Task to carry out:
Search the listing below for lines that hold the word "stroke", and report only how many there are.

Extracted material below:

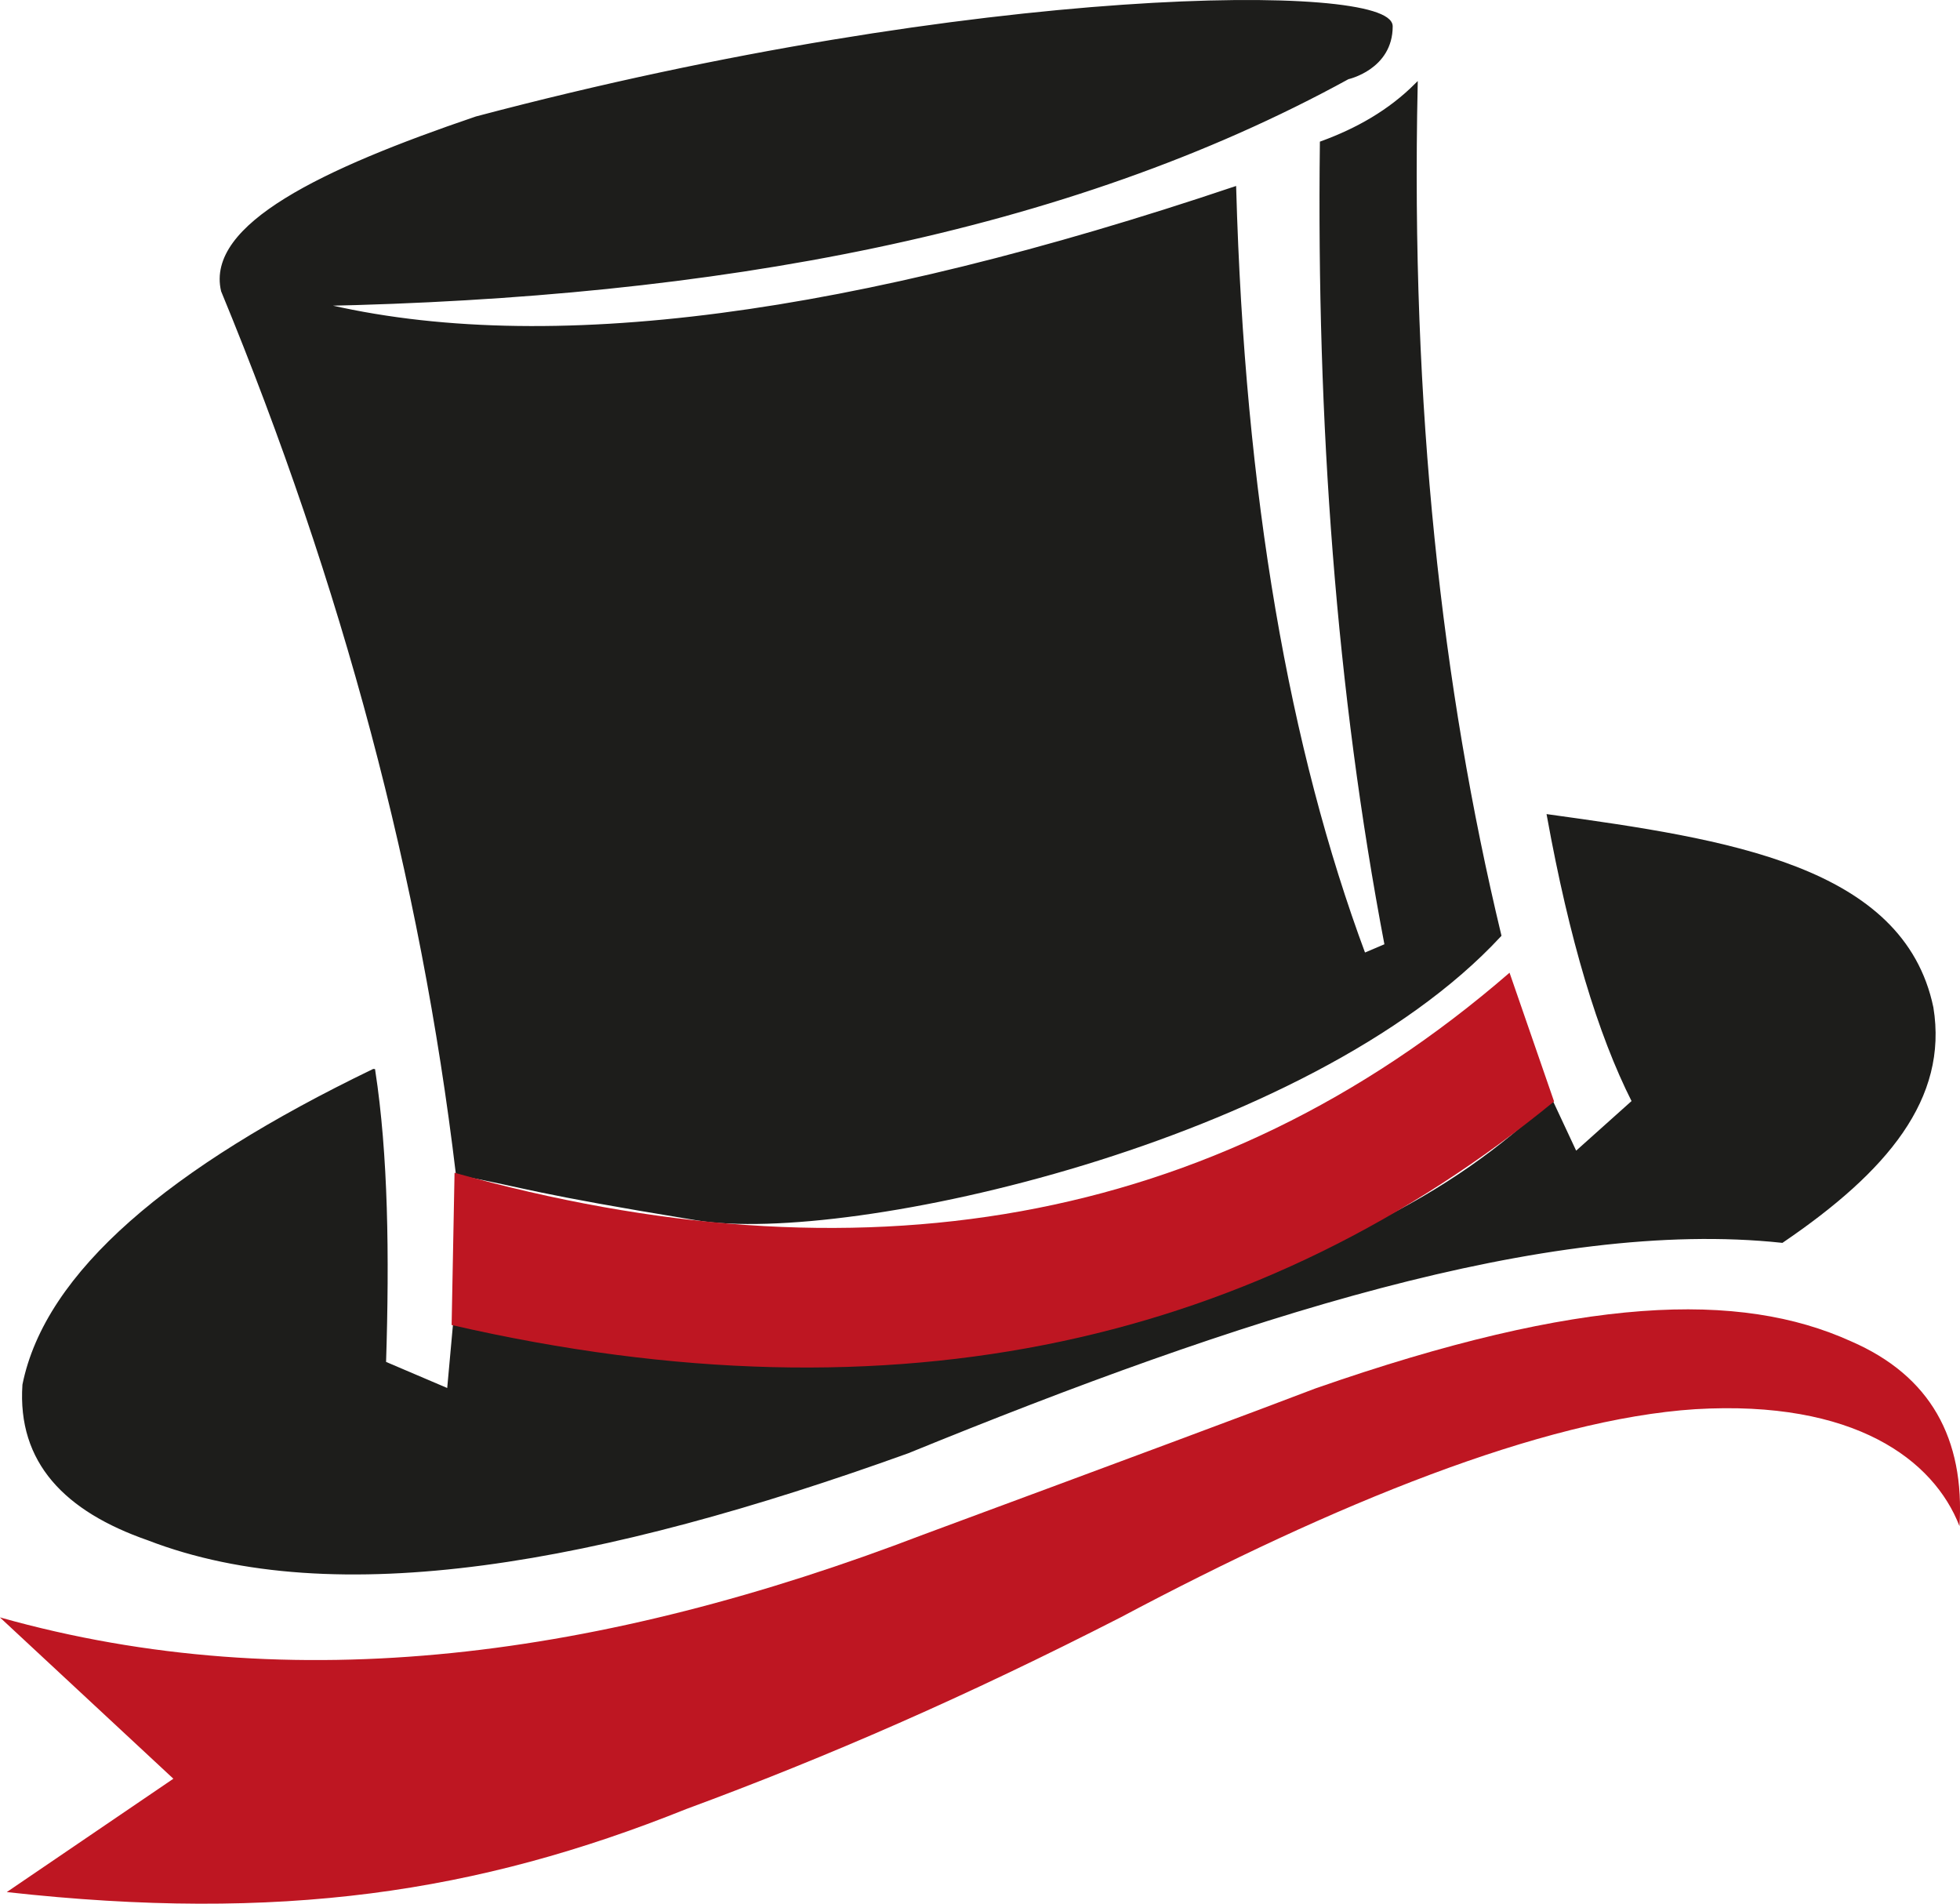 <?xml version="1.0" encoding="UTF-8"?>
<svg id="Capa_7" xmlns="http://www.w3.org/2000/svg" viewBox="0 0 584.58 567.67">
  <defs>
    <style>
      .cls-1 {
        fill: #1d1d1b;
        stroke: #1d1d1b;
        stroke-miterlimit: 10;
      }

      .cls-2 {
        fill: #be1622;
      }
    </style>
  </defs>
  <path class="cls-2" d="M0,482.31l51.71,48.08-49.69,33.8c81.51,9.05,140.32.25,202.63-24.75,42.42-15.66,83.7-33.7,129.53-57.14,63.61-33.8,125.84-59.15,171.45-62.1,47.51-2.82,71.13,15.12,78.8,34.87,1.6-26.14-8.66-44.85-32.39-55.13-33.07-14.98-80.21-13.68-159.74,14.08-15.34,5.9-60.68,22.76-116.96,43.59-95.35,36.53-187.71,49.35-275.32,24.68Z"/>
  <path class="cls-1" d="M111.42,319.25c3.84,24.95,4.25,55,3.22,87.18l19.18,8.18,1.74-19.18c162.51,15.26,268.38-9.72,327.13-66.99l7.24,15.49,17.3-15.49c-10.23-20.2-18.7-48.48-25.35-85.1,53.01,7.34,105.47,15.1,114.27,57.14,4.39,26.93-13.53,48.44-44.66,69.61-70.09-7.49-162.47,22.67-260.74,62.77-91.43,32.94-170.81,47.49-226.54,25.95-24.53-8.54-38.56-22.89-37.02-45.87,6.75-33.45,43.74-64.5,104.22-93.69Z"/>
  <path class="cls-1" d="M136.44,349.86c-10.46-87.72-33.8-175.44-70.01-263.15-4.59-19.44,29.76-35.91,75.65-51.5C292.51-4.63,414.88-4.63,414.88,7.85s-12.88,15.29-12.88,15.29c-84.27,46.24-189.18,65.2-306.61,67.6,67.71,16.48,159.97,3.35,272.81-34.6,2.56,91.58,15.81,167.21,38.63,228.55l6.64-2.82c-14.47-75.84-20.32-155.89-19.31-239.28,10.74-3.91,20.32-9.38,28.17-17.2-2.09,96.22,7.19,179.63,24.95,253.5-56.96,61.46-194.42,91.88-239.41,84.5-50.36-8.26-49.26-9.3-71.42-13.51Z"/>
  <path class="cls-2" d="M135.57,349.7l-.87,45.4c133.67,30.72,241.83,4.52,328.81-66.66l-13.28-38.39c-88.47,76.64-195.22,93.12-314.66,59.65Z"/>
</svg>

End of Extracted material.

Response to the task:
2